Today, however, Pittman said she has a job she loves at a restaurant and a family she has connected to like never before, including a grandson whom she gets down on the floor and plays with, something she never did with her own children.

She's also preparing to go to college in the fall.

"I'm so happy with the way I am now. I may be fatter," she said, referring to the weight loss that comes from meth use, "but at least my head is screwed on right."

The difference, according to friends and family, is remarkable.

"It's a miracle," said Davidson, who is friends again with Pittman. "I don't know how else to say it.

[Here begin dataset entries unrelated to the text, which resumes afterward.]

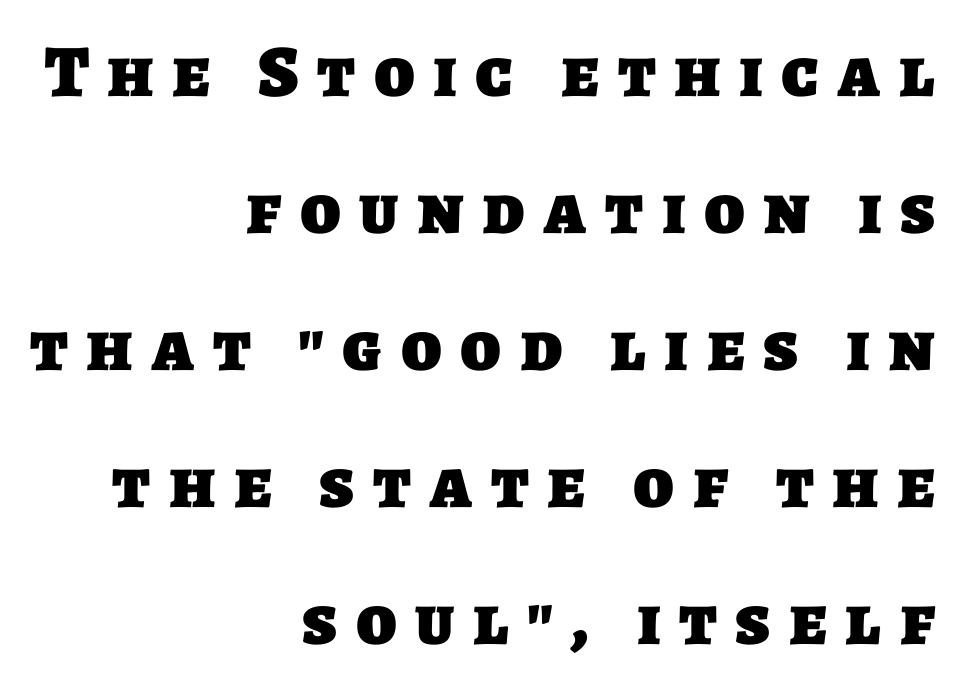
{"serif": "no", "bold": "yes", "weight": "heavy", "width": "normal", "stroke_contrast": "low", "x_height": "large", "monospaced": "no", "underline": "no", "align": "right", "line_spacing_ratio": 1.85, "letter_spacing": "wide", "letter_spacing_em": 0.25, "glyph_px": 74}
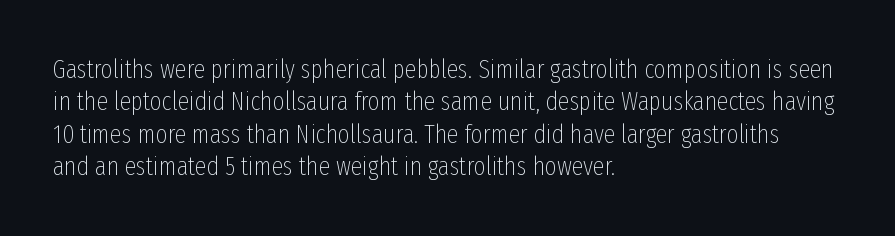
Line spacing here is normal. Nobody touched the tracking dial on this one. Quick note: underline off. Designer's note — italics off, roman on. The lines are quadded left.
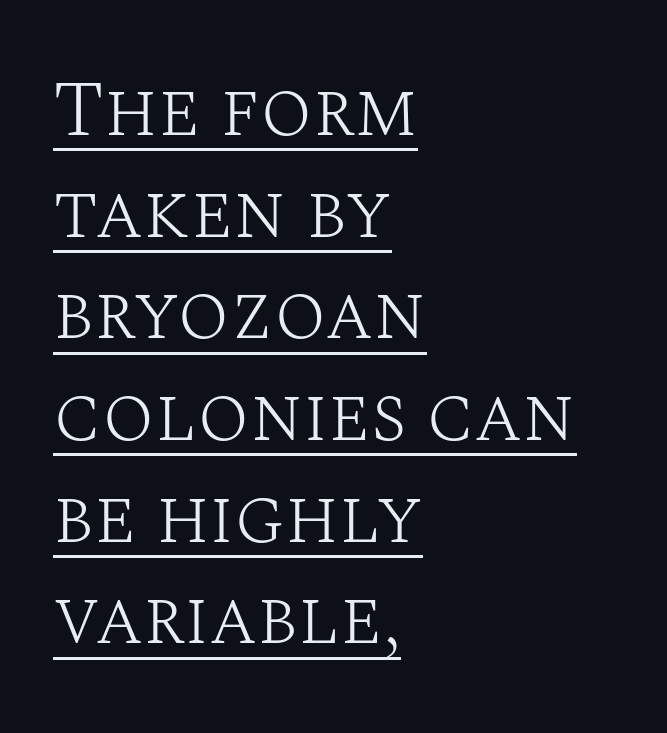
The image shows 77 px light serif type, upright; set left-aligned, normal line spacing (1.32x), normal letter spacing, underlined; medium stroke contrast and a large x-height.
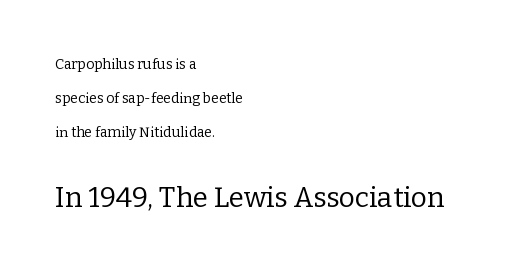
Q: Is the text bold? A: No.
Q: Is the text italic (slanted)? A: No, it is upright.
Q: Is the typeface a serif or a sans-serif typeface? A: Serif.
Q: Is the text underlined? A: No.
Q: How is the paragraph aligned? A: Left-aligned.
Q: Is the spacing between letters normal or unusually wide? A: Normal.
Q: Is the spacing between lines tight, normal or loose? A: Loose.
Q: Which block of text is set in a larger size, the first (top) or the second (bottom)? A: The second (bottom) one.
Q: Width (condensed, normal, or wide)? A: Normal.
Q: Stroke contrast? A: Low.
Q: x-height? A: Medium.
Q: Monospaced? A: No.
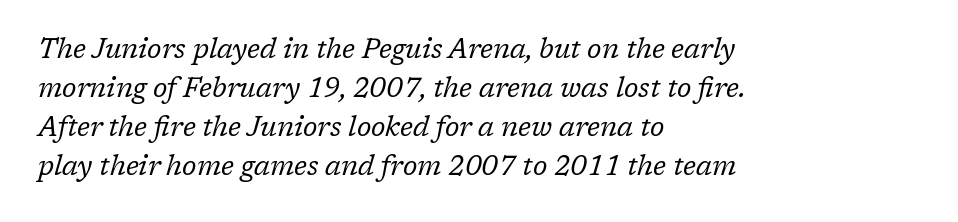
{"italic": "yes", "lean": "right", "slant_degrees": 17, "bold": "no", "underline": "no", "align": "left", "line_spacing": "normal", "line_spacing_ratio": 1.45, "letter_spacing": "normal", "letter_spacing_em": 0.0, "glyph_px": 27}
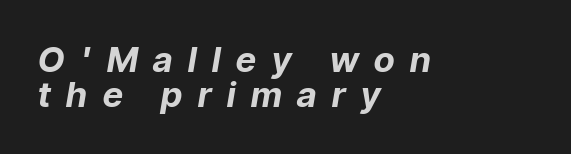
The compositor pushed each line to the left boundary. The baseline area is clear. Weight: bold. Students, observe: this is what under-led, compact text looks like. Does extra space separate the letters? Yes, quite a lot of it. This sample has the flowing, uneven cadence of proportional lettering.
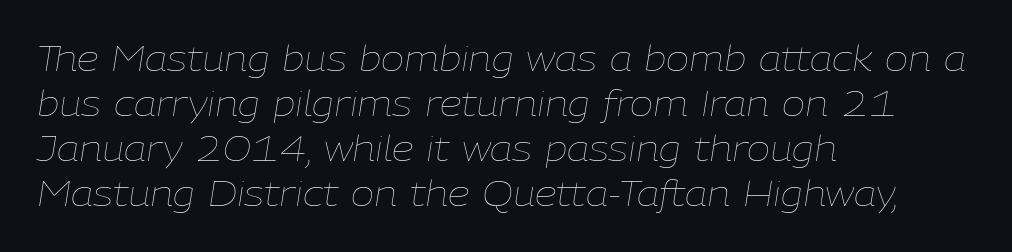
The strip under each line holds only bare page. The face used here has a pronounced slope to its letters. The passage shown is not bold in any degree. Tracking value appears to be zero — textbook default spacing. Spacing verdict: proportional, widths tailored to each character. The lines in this sample share a left origin and differ only in where they stop.
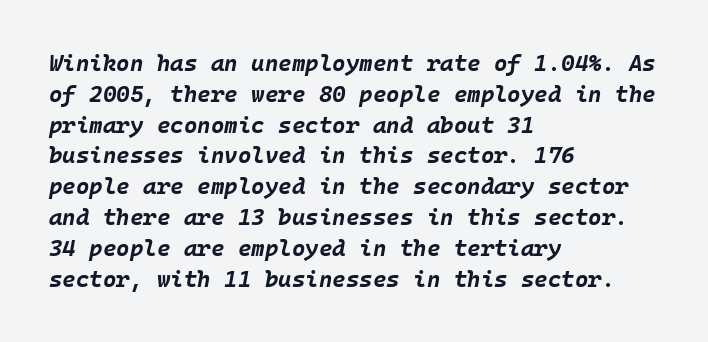
{"italic": "yes", "lean": "right", "slant_degrees": 10, "bold": "yes", "underline": "no", "align": "left", "line_spacing": "normal", "line_spacing_ratio": 1.34, "letter_spacing": "normal", "letter_spacing_em": 0.0, "glyph_px": 23}
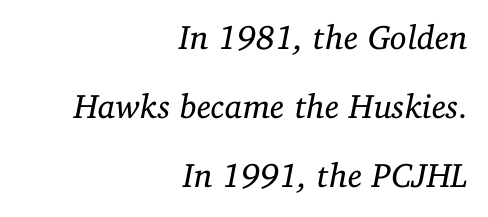
{"serif": "yes", "italic": "yes", "lean": "right", "slant_degrees": 11, "bold": "no", "weight": "regular", "width": "normal", "stroke_contrast": "low", "x_height": "medium", "monospaced": "no", "underline": "no", "align": "right", "line_spacing": "loose", "line_spacing_ratio": 2.03, "letter_spacing": "normal", "letter_spacing_em": 0.0, "glyph_px": 34}
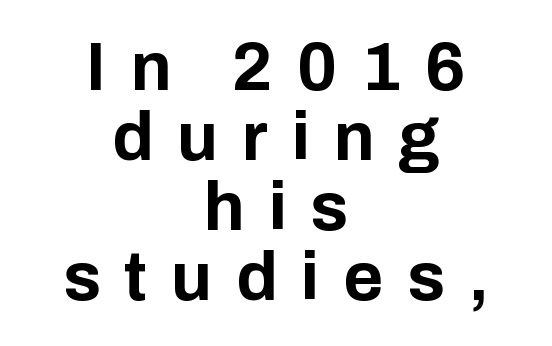
Descender tails drop into unmarked territory. Each letter's strokes conclude bluntly, with no projecting serifs. Each line is balanced around a shared central axis. The rendering inserts visible extra space after every character. A full-strength bold gives these letters their thick strokes.
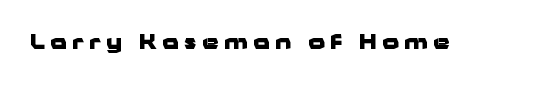
The face used here is rendered with a markedly widened letterfit. Any mark beneath the type? The region is blank. The font's upright variant was chosen for this text. Set as a true bold cut, around the 700 mark.

She's completely sober. Her whole outlook on life has changed."

Added Wright: "Her whole aura looks different."

Still, Pittman knows she killed Virginia and she has to live with that -- with the sad mementos in the velvet box stored in her bedroom closet. But those difficult memories, she said, also give her strength to stay sober.

"She made the choice to come down here to teach me the lesson of my life. She gave her life for me. I choose to view it that way because that's the only way I can live with myself," Pittman said.

"She gave her life so I could get mine back," she added. "Actually, I never had a life before this."

Pittman said she doesn't care if people accept that explanation. But she does hope that someone like her hears her story.

"I'd like to be able to offer my story to someone who needs it."